● **INPUT RECORDS**:
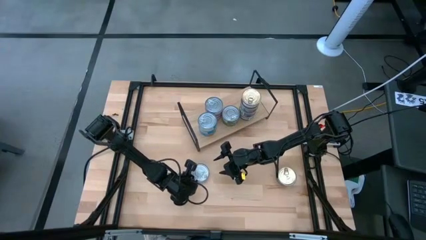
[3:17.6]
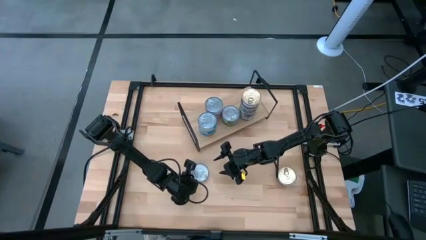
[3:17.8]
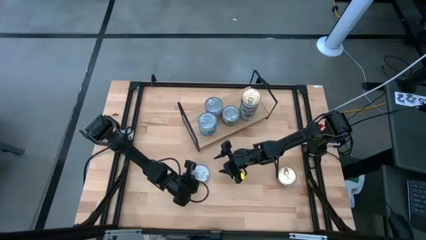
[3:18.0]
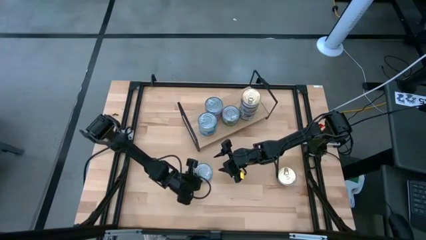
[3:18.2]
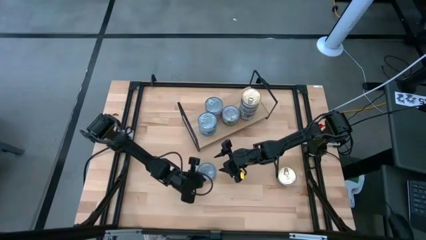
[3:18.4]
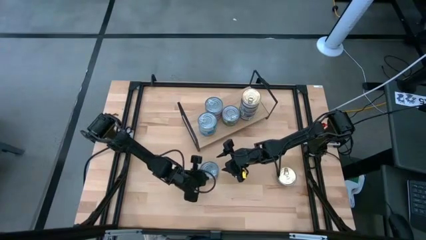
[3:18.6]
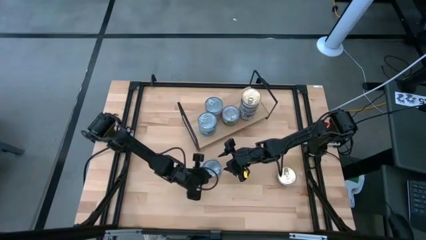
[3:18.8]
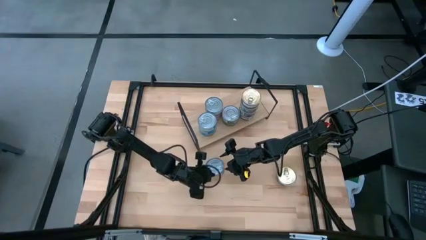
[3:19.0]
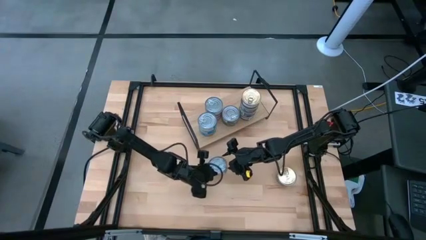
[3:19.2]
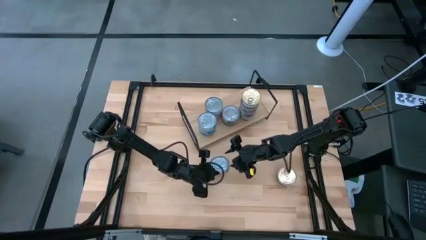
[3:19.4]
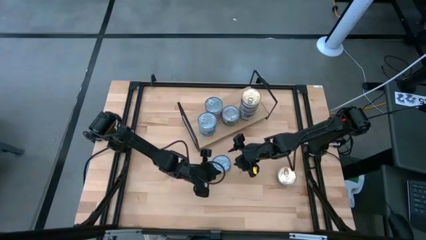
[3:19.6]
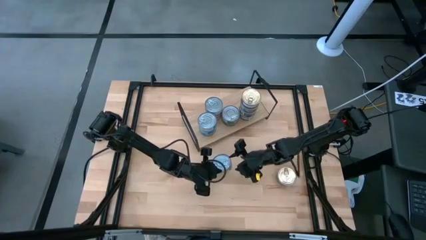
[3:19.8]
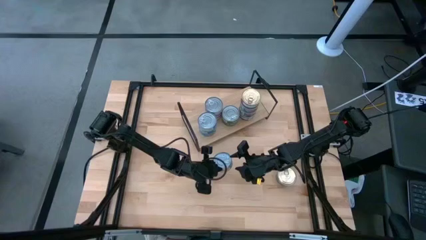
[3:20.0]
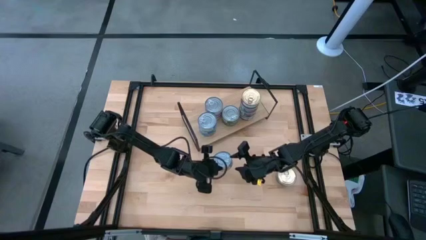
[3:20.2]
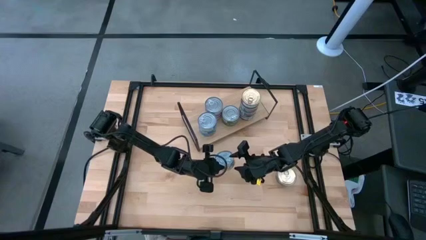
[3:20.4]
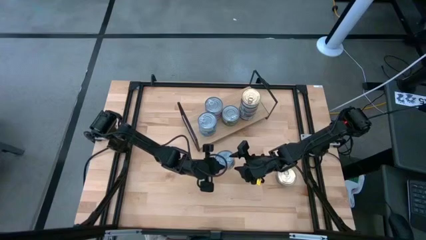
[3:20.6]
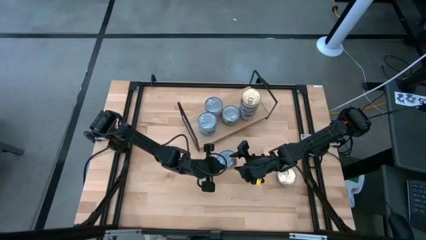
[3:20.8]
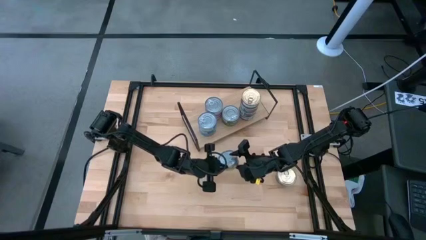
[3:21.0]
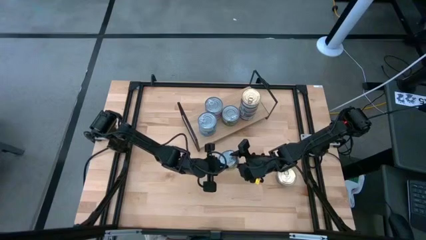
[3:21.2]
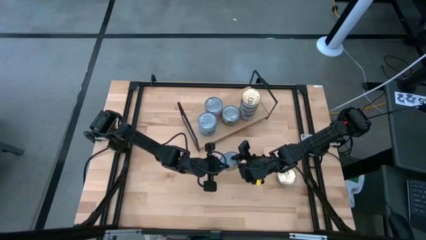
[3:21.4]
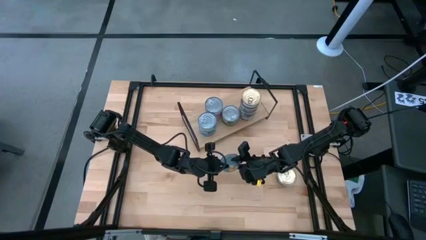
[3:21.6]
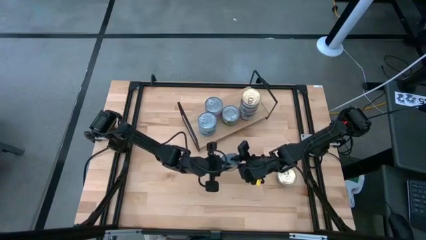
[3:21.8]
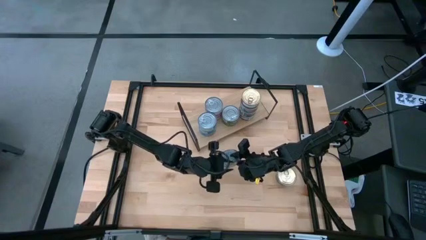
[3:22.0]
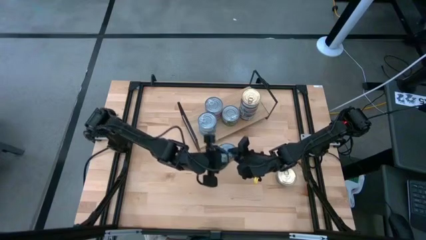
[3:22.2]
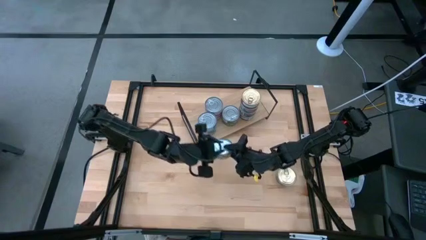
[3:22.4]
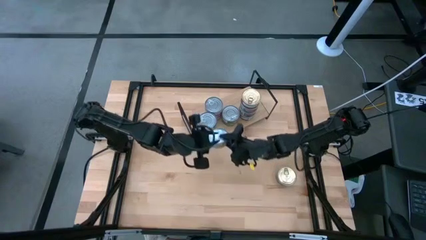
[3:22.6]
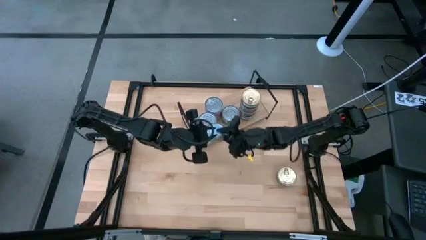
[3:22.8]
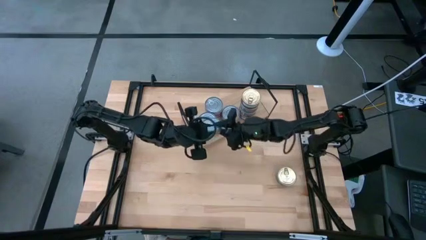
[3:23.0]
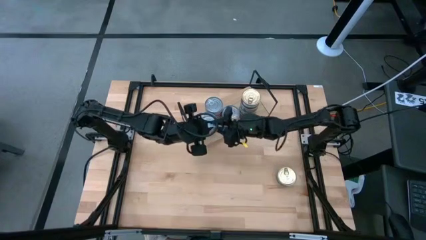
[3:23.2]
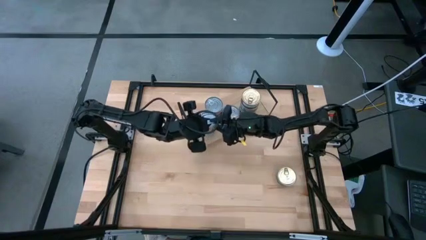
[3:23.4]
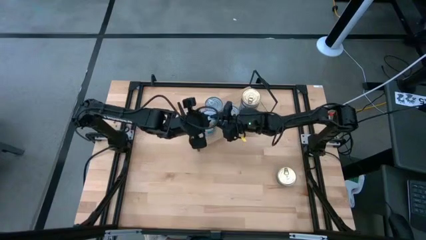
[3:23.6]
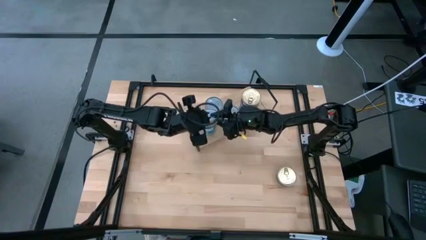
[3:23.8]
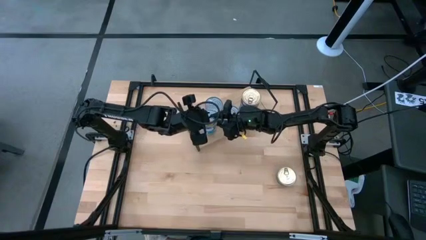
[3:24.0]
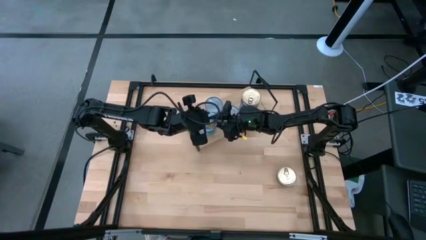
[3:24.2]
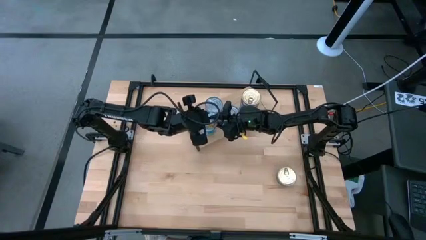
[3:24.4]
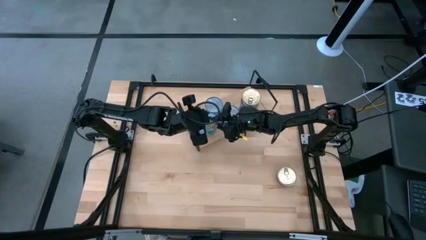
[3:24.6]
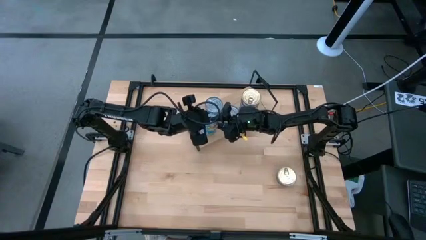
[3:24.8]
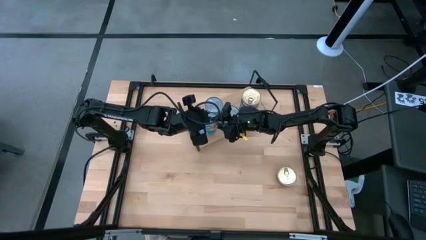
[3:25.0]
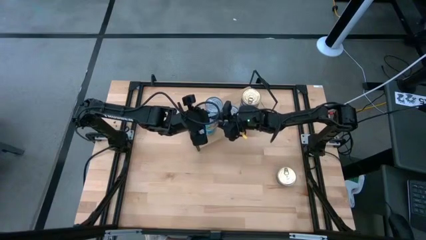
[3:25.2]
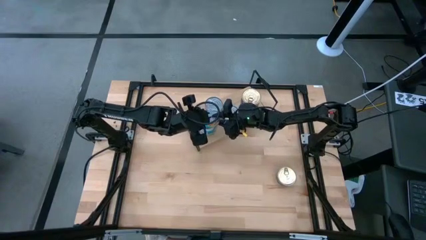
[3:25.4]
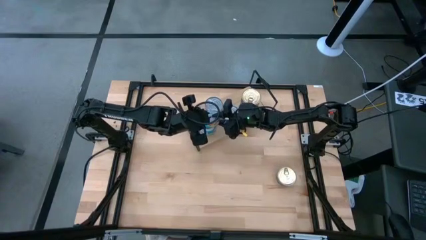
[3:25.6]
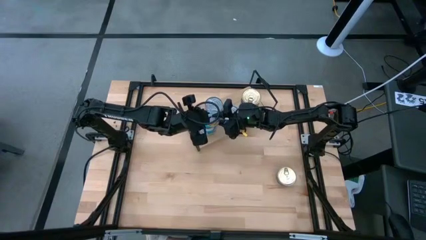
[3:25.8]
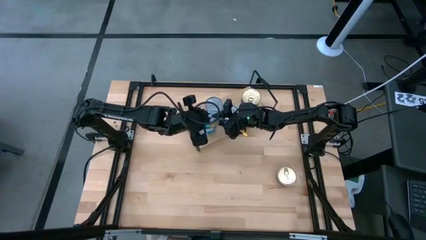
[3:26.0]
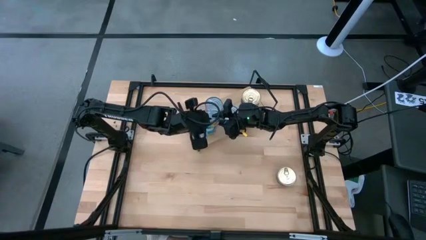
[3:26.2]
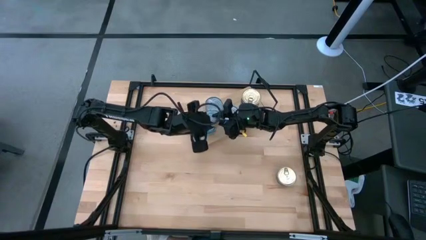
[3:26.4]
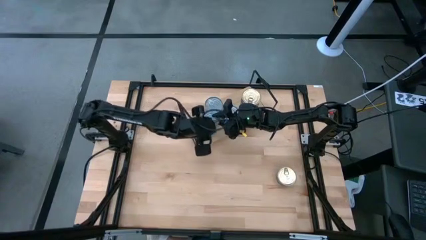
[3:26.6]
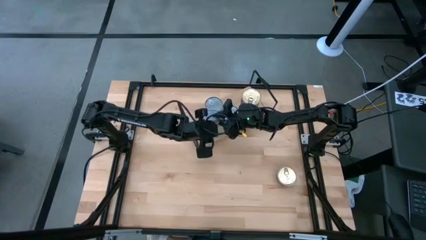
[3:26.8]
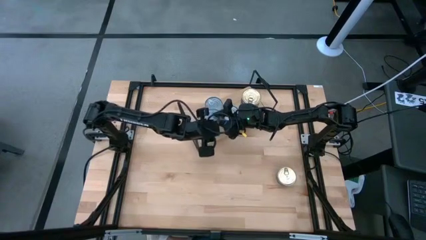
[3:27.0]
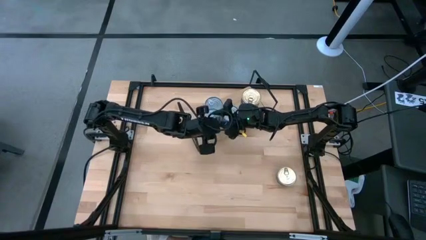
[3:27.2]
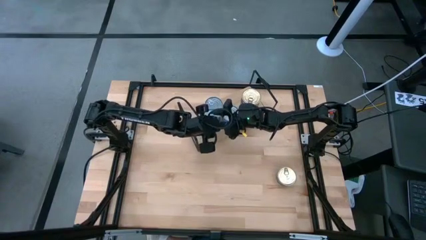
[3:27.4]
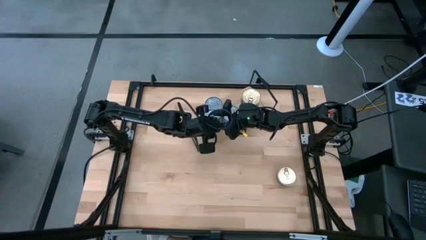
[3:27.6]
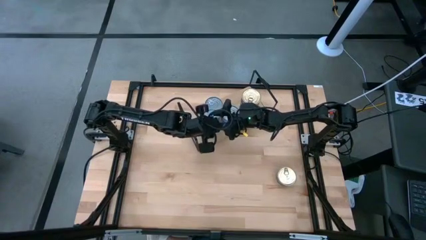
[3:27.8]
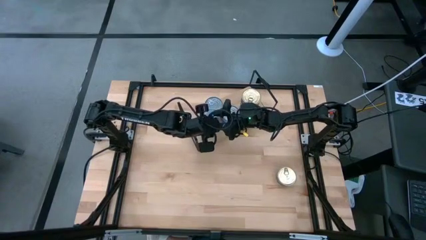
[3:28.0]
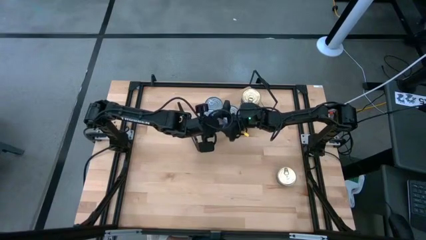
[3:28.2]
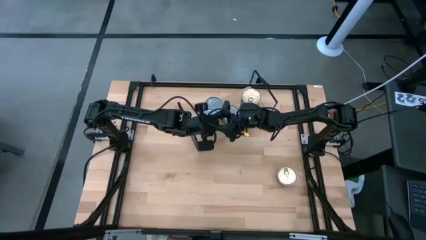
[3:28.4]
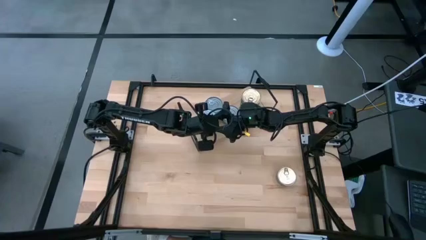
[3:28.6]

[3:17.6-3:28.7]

● **WORK INSTRUCTIONS**:
Nothing but the pictures may be dropped; output the records above exactly.

● **OUTPUT OF THE EXERCISE**:
[3:17.6]
[3:17.8]
[3:18.0]
[3:18.2]
[3:18.4]
[3:18.6]
[3:18.8]
[3:19.0]
[3:19.2]
[3:19.4]
[3:19.6]
[3:19.8]
[3:20.0]
[3:20.2]
[3:20.4]
[3:20.6]
[3:20.8]
[3:21.0]
[3:21.2]
[3:21.4]
[3:21.6]
[3:21.8]
[3:22.0]
[3:22.2]
[3:22.4]
[3:22.6]
[3:22.8]
[3:23.0]
[3:23.2]
[3:23.4]
[3:23.6]
[3:23.8]
[3:24.0]
[3:24.2]
[3:24.4]
[3:24.6]
[3:24.8]
[3:25.0]
[3:25.2]
[3:25.4]
[3:25.6]
[3:25.8]
[3:26.0]
[3:26.2]
[3:26.4]
[3:26.6]
[3:26.8]
[3:27.0]
[3:27.2]
[3:27.4]
[3:27.6]
[3:27.8]
[3:28.0]
[3:28.2]
[3:28.4]
[3:28.6]

[3:17.6-3:28.7]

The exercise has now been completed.